There’s no doubt that the majority of people in their twenties have felt the encroaching pressure of dating and marriage at some point or another. Social media, and in some cases scripture, lead us to believe that romance is a real life fairy tale. Yet, what’s really fantasy is the notion that because you’ve been obedient you are entitled to something, or rather someone, from God. Finding the perfect partner isn’t a missing variable in the equation to self-fulfillment. Solely through communion with Christ will our unquenchable desire for completeness be satiated under His veil.
Culture has skewed our idea of relationships so drastically that we are faced with distorted ambiguity as to what a wholesome relationship should even look like. Media portrays dating as a series of self-advancing moves like a game of chess and what’s worse, singleness as the freedom to “play the game” without lasting consequences. Cracking the code of dating has even penetrated Christian circles, making it paramount to define the infamous gray area. Although done out of good intentions, our focus on figuring out “the feels” has been exaggerated so much that the meaningful purposes of pre-marital relationships are buried beneath socially constructed institutions. Here on our “marriage mill on the hill” we deal with an entirely different, but nonetheless crippling, view of romance.
When the implications of a southern, conservative, Christian college, are mixed together, the accidental product is desperation and anxiousness, leaving maturing adults with complexes because you're not engaged—at 20. Considering such factors, one would imagine Covenant the perfect dating environment, which might be valid, but these factors lend to a campus addicted to achieving the alleged superlative relationship. Unmerited feelings of inadequacy stem from the idea of imperative companionship that we’ve exacerbated that rarely parallel reality. If we sought after the Lord as much as we cared about whom we’re going to dance with at Jazz on the Overlook or grab coffee with at Starbucks, our campus community paradigms would probably shift dramatically.
My assertions are not contrary to the provision of the Lord over relationships. He can and does powerfully lead, transforming people's lives through interpersonal influence. Moreover, as educated, capable young Christians we have an unbalanced, emphatic focus on romance and not enough of that same passion towards chasing our true one and only: Christ himself. A pursuit of marriage is natural, but oftentimes we lose sight of what we should be ultimately imitating through our relationships and where they should be pointing: to Christ alone.

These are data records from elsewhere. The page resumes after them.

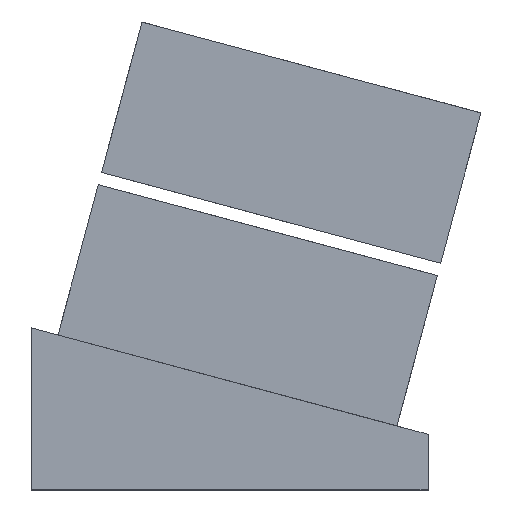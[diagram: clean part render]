
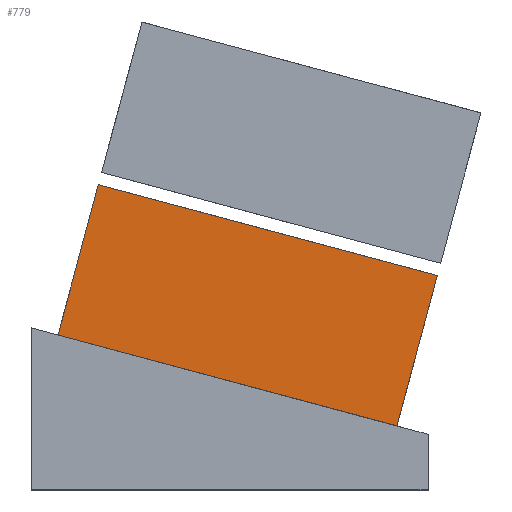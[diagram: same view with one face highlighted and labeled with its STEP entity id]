
A CAD part, front view. The second image highlights one B-rep face of the part: STEP entity #779.
In plain terms, the highlighted planar face has unit normal (0, -1, 0).
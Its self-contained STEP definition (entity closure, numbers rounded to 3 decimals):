
#779 = ADVANCED_FACE('',(#780),#794,.T.);
#780 = FACE_BOUND('',#781,.T.);
#781 = EDGE_LOOP('',(#782,#817,#845,#873));
#782 = ORIENTED_EDGE('',*,*,#783,.F.);
#783 = EDGE_CURVE('',#784,#786,#788,.T.);
#784 = VERTEX_POINT('',#785);
#785 = CARTESIAN_POINT('',(57.347,-24.,10.034));
#786 = VERTEX_POINT('',#787);
#787 = CARTESIAN_POINT('',(4.222,-24.,24.269));
#788 = SURFACE_CURVE('',#789,(#793,#805),.PCURVE_S1.);
#789 = LINE('',#790,#791);
#790 = CARTESIAN_POINT('',(57.347,-24.,10.034));
#791 = VECTOR('',#792,1.);
#792 = DIRECTION('',(-0.966,0.,0.259)
  );
#793 = PCURVE('',#794,#799);
#794 = PLANE('',#795);
#795 = AXIS2_PLACEMENT_3D('',#796,#797,#798);
#796 = CARTESIAN_POINT('',(57.347,-24.,10.034));
#797 = DIRECTION('',(0.,-1.,0.));
#798 = DIRECTION('',(-0.966,0.,0.259)
  );
#799 = DEFINITIONAL_REPRESENTATION('',(#800),#804);
#800 = LINE('',#801,#802);
#801 = CARTESIAN_POINT('',(0.,-0.));
#802 = VECTOR('',#803,1.);
#803 = DIRECTION('',(1.,0.));
#804 = ( GEOMETRIC_REPRESENTATION_CONTEXT(2) 
PARAMETRIC_REPRESENTATION_CONTEXT() REPRESENTATION_CONTEXT('2D SPACE',''
  ) );
#805 = PCURVE('',#806,#811);
#806 = PLANE('',#807);
#807 = AXIS2_PLACEMENT_3D('',#808,#809,#810);
#808 = CARTESIAN_POINT('',(30.785,0.,17.151));
#809 = DIRECTION('',(-0.259,0.,-0.966));
#810 = DIRECTION('',(-0.966,0.,0.259));
#811 = DEFINITIONAL_REPRESENTATION('',(#812),#816);
#812 = LINE('',#813,#814);
#813 = CARTESIAN_POINT('',(-27.5,-24.));
#814 = VECTOR('',#815,1.);
#815 = DIRECTION('',(1.,0.));
#816 = ( GEOMETRIC_REPRESENTATION_CONTEXT(2) 
PARAMETRIC_REPRESENTATION_CONTEXT() REPRESENTATION_CONTEXT('2D SPACE',''
  ) );
#817 = ORIENTED_EDGE('',*,*,#818,.T.);
#818 = EDGE_CURVE('',#784,#819,#821,.T.);
#819 = VERTEX_POINT('',#820);
#820 = CARTESIAN_POINT('',(63.663,-24.,33.602));
#821 = SURFACE_CURVE('',#822,(#826,#833),.PCURVE_S1.);
#822 = LINE('',#823,#824);
#823 = CARTESIAN_POINT('',(57.347,-24.,10.034));
#824 = VECTOR('',#825,1.);
#825 = DIRECTION('',(0.259,0.,0.966));
#826 = PCURVE('',#794,#827);
#827 = DEFINITIONAL_REPRESENTATION('',(#828),#832);
#828 = LINE('',#829,#830);
#829 = CARTESIAN_POINT('',(0.,-0.));
#830 = VECTOR('',#831,1.);
#831 = DIRECTION('',(0.,-1.));
#832 = ( GEOMETRIC_REPRESENTATION_CONTEXT(2) 
PARAMETRIC_REPRESENTATION_CONTEXT() REPRESENTATION_CONTEXT('2D SPACE',''
  ) );
#833 = PCURVE('',#834,#839);
#834 = PLANE('',#835);
#835 = AXIS2_PLACEMENT_3D('',#836,#837,#838);
#836 = CARTESIAN_POINT('',(57.347,24.,10.034));
#837 = DIRECTION('',(0.966,0.,-0.259));
#838 = DIRECTION('',(0.,-1.,0.));
#839 = DEFINITIONAL_REPRESENTATION('',(#840),#844);
#840 = LINE('',#841,#842);
#841 = CARTESIAN_POINT('',(48.,0.));
#842 = VECTOR('',#843,1.);
#843 = DIRECTION('',(0.,-1.));
#844 = ( GEOMETRIC_REPRESENTATION_CONTEXT(2) 
PARAMETRIC_REPRESENTATION_CONTEXT() REPRESENTATION_CONTEXT('2D SPACE',''
  ) );
#845 = ORIENTED_EDGE('',*,*,#846,.T.);
#846 = EDGE_CURVE('',#819,#847,#849,.T.);
#847 = VERTEX_POINT('',#848);
#848 = CARTESIAN_POINT('',(10.537,-24.,47.837));
#849 = SURFACE_CURVE('',#850,(#854,#861),.PCURVE_S1.);
#850 = LINE('',#851,#852);
#851 = CARTESIAN_POINT('',(63.663,-24.,33.602));
#852 = VECTOR('',#853,1.);
#853 = DIRECTION('',(-0.966,0.,0.259)
  );
#854 = PCURVE('',#794,#855);
#855 = DEFINITIONAL_REPRESENTATION('',(#856),#860);
#856 = LINE('',#857,#858);
#857 = CARTESIAN_POINT('',(0.,-24.4));
#858 = VECTOR('',#859,1.);
#859 = DIRECTION('',(1.,0.));
#860 = ( GEOMETRIC_REPRESENTATION_CONTEXT(2) 
PARAMETRIC_REPRESENTATION_CONTEXT() REPRESENTATION_CONTEXT('2D SPACE',''
  ) );
#861 = PCURVE('',#862,#867);
#862 = PLANE('',#863);
#863 = AXIS2_PLACEMENT_3D('',#864,#865,#866);
#864 = CARTESIAN_POINT('',(63.663,-24.,33.602));
#865 = DIRECTION('',(0.259,0.,0.966));
#866 = DIRECTION('',(-0.966,0.,0.259));
#867 = DEFINITIONAL_REPRESENTATION('',(#868),#872);
#868 = LINE('',#869,#870);
#869 = CARTESIAN_POINT('',(0.,0.));
#870 = VECTOR('',#871,1.);
#871 = DIRECTION('',(1.,0.));
#872 = ( GEOMETRIC_REPRESENTATION_CONTEXT(2) 
PARAMETRIC_REPRESENTATION_CONTEXT() REPRESENTATION_CONTEXT('2D SPACE',''
  ) );
#873 = ORIENTED_EDGE('',*,*,#874,.F.);
#874 = EDGE_CURVE('',#786,#847,#875,.T.);
#875 = SURFACE_CURVE('',#876,(#880,#887),.PCURVE_S1.);
#876 = LINE('',#877,#878);
#877 = CARTESIAN_POINT('',(4.222,-24.,24.269));
#878 = VECTOR('',#879,1.);
#879 = DIRECTION('',(0.259,0.,0.966));
#880 = PCURVE('',#794,#881);
#881 = DEFINITIONAL_REPRESENTATION('',(#882),#886);
#882 = LINE('',#883,#884);
#883 = CARTESIAN_POINT('',(55.,0.));
#884 = VECTOR('',#885,1.);
#885 = DIRECTION('',(0.,-1.));
#886 = ( GEOMETRIC_REPRESENTATION_CONTEXT(2) 
PARAMETRIC_REPRESENTATION_CONTEXT() REPRESENTATION_CONTEXT('2D SPACE',''
  ) );
#887 = PCURVE('',#888,#893);
#888 = PLANE('',#889);
#889 = AXIS2_PLACEMENT_3D('',#890,#891,#892);
#890 = CARTESIAN_POINT('',(4.222,-24.,24.269));
#891 = DIRECTION('',(-0.966,0.,0.259));
#892 = DIRECTION('',(0.,1.,0.));
#893 = DEFINITIONAL_REPRESENTATION('',(#894),#898);
#894 = LINE('',#895,#896);
#895 = CARTESIAN_POINT('',(0.,-0.));
#896 = VECTOR('',#897,1.);
#897 = DIRECTION('',(0.,-1.));
#898 = ( GEOMETRIC_REPRESENTATION_CONTEXT(2) 
PARAMETRIC_REPRESENTATION_CONTEXT() REPRESENTATION_CONTEXT('2D SPACE',''
  ) );
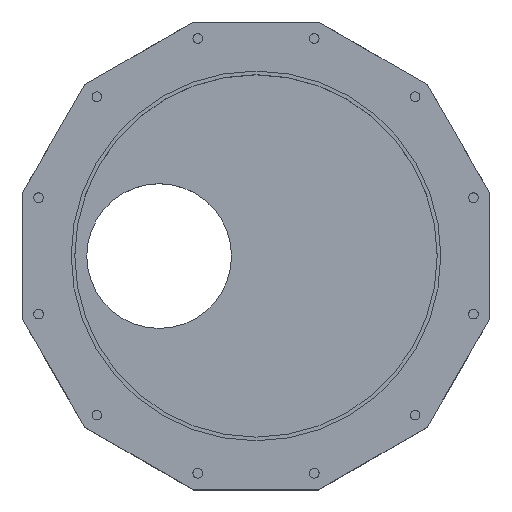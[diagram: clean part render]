
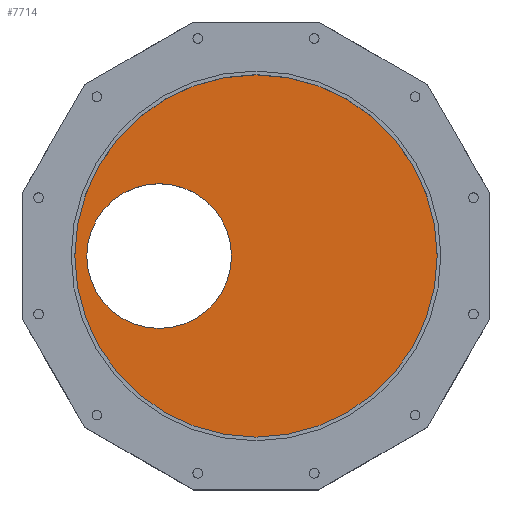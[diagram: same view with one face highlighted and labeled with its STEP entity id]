
A CAD part, top view. The second image highlights one B-rep face of the part: STEP entity #7714.
In plain terms, the highlighted planar face has unit normal (0, 0, 1).
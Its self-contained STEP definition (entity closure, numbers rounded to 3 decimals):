
#3609 = EDGE_CURVE('',#3610,#3610,#3612,.T.);
#3610 = VERTEX_POINT('',#3611);
#3611 = CARTESIAN_POINT('',(-21.5,0.,12.7));
#3612 = CIRCLE('',#3613,63.5);
#3613 = AXIS2_PLACEMENT_3D('',#3614,#3615,#3616);
#3614 = CARTESIAN_POINT('',(-85.,0.,12.7));
#3615 = DIRECTION('',(0.,0.,1.));
#3616 = DIRECTION('',(1.,0.,0.));
#7714 = ADVANCED_FACE('',(#7715,#7726),#7729,.T.);
#7715 = FACE_BOUND('',#7716,.T.);
#7716 = EDGE_LOOP('',(#7717));
#7717 = ORIENTED_EDGE('',*,*,#7718,.T.);
#7718 = EDGE_CURVE('',#7719,#7719,#7721,.T.);
#7719 = VERTEX_POINT('',#7720);
#7720 = CARTESIAN_POINT('',(159.004,0.,12.7));
#7721 = CIRCLE('',#7722,159.004);
#7722 = AXIS2_PLACEMENT_3D('',#7723,#7724,#7725);
#7723 = CARTESIAN_POINT('',(0.,0.,12.7));
#7724 = DIRECTION('',(0.,0.,1.));
#7725 = DIRECTION('',(1.,0.,0.));
#7726 = FACE_BOUND('',#7727,.T.);
#7727 = EDGE_LOOP('',(#7728));
#7728 = ORIENTED_EDGE('',*,*,#3609,.F.);
#7729 = PLANE('',#7730);
#7730 = AXIS2_PLACEMENT_3D('',#7731,#7732,#7733);
#7731 = CARTESIAN_POINT('',(0.,0.,12.7));
#7732 = DIRECTION('',(0.,0.,1.));
#7733 = DIRECTION('',(1.,0.,0.));

By no means am I opposed to Christian dating, but am simply addressing a present pattern atop this mountain. Dating is sensational and holds necessary function, but that doesn’t make it a means to an end in marriage. By living alongside someone else you’re entering into a critical phase of self-exploration, learning more about the person you are as well as the personality of your significant other.
In scripture Christ calls us to take up spouses and cleave to them, but that’s contingent on our ability to wholeheartedly place him/her first in our minds, hearts, and deeds. Yet it seems that the weight of your wedding day is belittled with euphemisms like “ring by spring”—stripping the act of marriage down to a rite of passage similar to graduation. We are taught through scripture the severity of marriage and the arduous but redemptive conditions of covenantal love—so more than our secular counterparts we should understand why marriage is arguably the most important decision we’ll ever make.
Regardless if you’re involved in a serious relationship or enjoying the independence of the single life, you shouldn’t be burdened with guilt because you don’t hear imminent wedding bells, and rightfully so.
The presence of an “off to the races” mentality persists as our Instagrams are littered with newly engaged couples every weekend, distracting us from priorities that the majority of college students naturally deal with, like school and work. We shouldn’t feel blasphemous, or selfish, for allotting our effort to such disciplines rather than frantically pursuing marriage. Of all the pressing issues during this season of our lives, marriage doesn’t have to be the haunting endgame of your college years.
Marriage is a beautiful reflection of God’s grace and love for us, so we should treat it with the authority that it holds. Young marriage can oftentimes do a great job emphasizing loyalty and trust. Yet we cannot lose sight of what the function of marriage is for us as Christians. Marriage isn’t the ultimate happy ending, but merely a vessel for furthering our ultimate sanctification. My charge is that we recognize that romantic relationships are a gift from God to represent His own pursuit of the Church, and we shouldn’t impress pseudo-Christian standards of successful relationships on something that was given to us as a gift of grace.